Position Qualifications/Requirements Education:
- Ph.D. in a technical, scientific or quantitative field preferred
- Master’s degree in business analytics, computer science, engineering, accounting, finance, management information systems or another related field. In lieu of degree, 10+ years of experience is required or the equivalent combination for education and experience.

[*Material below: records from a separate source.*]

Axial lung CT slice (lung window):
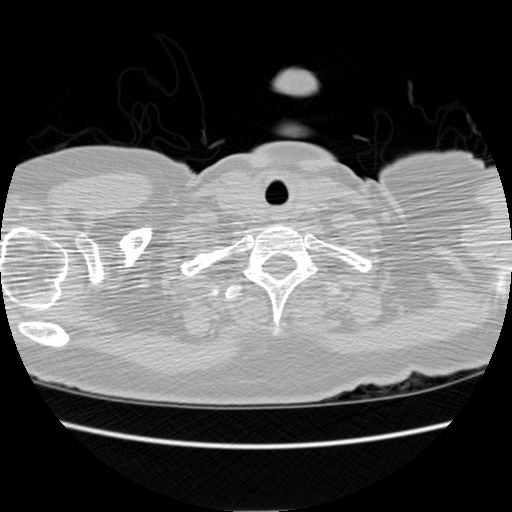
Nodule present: no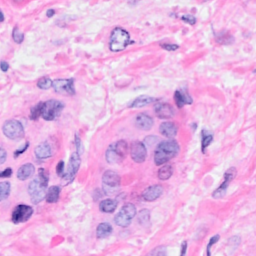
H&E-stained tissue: Breast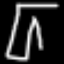
Label: pants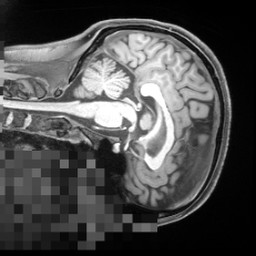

- 5+ years’ experience in a healthcare setting and familiarity with pathology and oncology data and medical records
- Technical competencies within data modeler, SQL to create/maintain DB objects, query/load required data using data governance and visualization tools.
- Proven understanding of how to examine data from multiple disparate sources to create relationships, patterns, associations and other factors that drive data sets and visualizations.
- Applied statistics skills, such as distributions, statistical testing, correlations, clustering, regression, and principle components etc.
- Robust scripting and programming skills to perform ETL and data cleansing operations
- Data-oriented hands on experience using Relational models, Object Models, Hierarchy data models and network data models
- Medical ontologies, lexicons and tools required
- Background in computer science, operations research, statistics or a physical engineering discipline.
- Machine Learning/Predictive Analytics and Mathematical Optimization
- Development and deployment of healthcare-relevant predictive and prescriptive models with ability to perform standard statistical analysis
- Understanding of clinical data and data quality needs in ambulatory oncology setting.
- Work closely with Clinical Data Architect, Senior Data Integration Analyst and stakeholders to build products that will create the Informatics service line.
- Ability to develop algorithmic approaches to solve clinical/business use cases, triage issues and identifying data anomalies.
- Algorithm development in Python and R.
- Robust SQL query language skills.
- Experience with big data technologies
- Experience with NoSQL databases, such as MongoDB, Cassandra, HBase
- Proficiency in MS Office Word, Excel, Power Point, and Outlook required.
- SSMS, SSRS, Power BI and (No)SQL required.
- Familiarity with NLP technologies.
- Data governance knowledge of industry best practice and leading software providers to assist in data steward implementation, maintenance and support.